付録(37/100)
お疲れ様です。
九月に入り、一気に空が高くなりました。
娘が小学生の時に「小学○年生」を買ってあげませんでした。毎月の付録が欲しかったようです。
3年生の時でしたか。めずらしく買ってやりました。娘は力ずくでナイロンの荷物ヒモを無理やりに外し付録に興じているようです。妻にハサミやらノリやらを探させて夢中です。「やまおり」「たにおり」にどっちが山で谷なのか途中で分からなくなっているようです。出来た迷路ゲームはお世辞にも良い出来とはいえませんでした。
しばらくしたある日、寿司を食べに行きました。
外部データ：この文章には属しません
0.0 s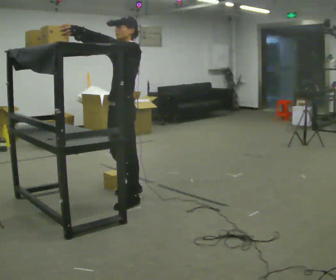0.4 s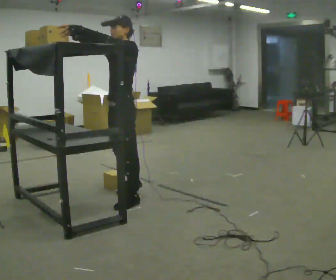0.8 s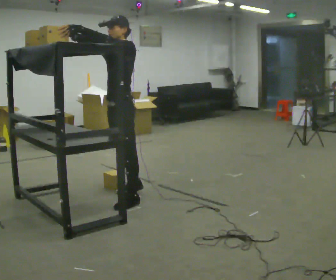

いつも通りの並にぎりを注文すると娘がいつも最後の楽しみにとっておくイクラがとっておかれたままです。どうしたのかと尋ねると涙を浮かべて「鮭は卵を産んだら白くなって死んじゃうの」と言う。確かにそうだがいきなりどうしたものかと不思議に思っていましたら、「小学3年生」に書いてあったと告白しました。
家に帰って見てみると巻頭カラーで「鮭の一生」が特集されていました。なるほど死んでいく鮭の顔は怖い。この調子で「ウニの一生」とか「トロの一生」を紹介してくれれば娘はかっぱ巻きだけでいいと言うかもしれません。ま、「かっぱの一生」がない限りは。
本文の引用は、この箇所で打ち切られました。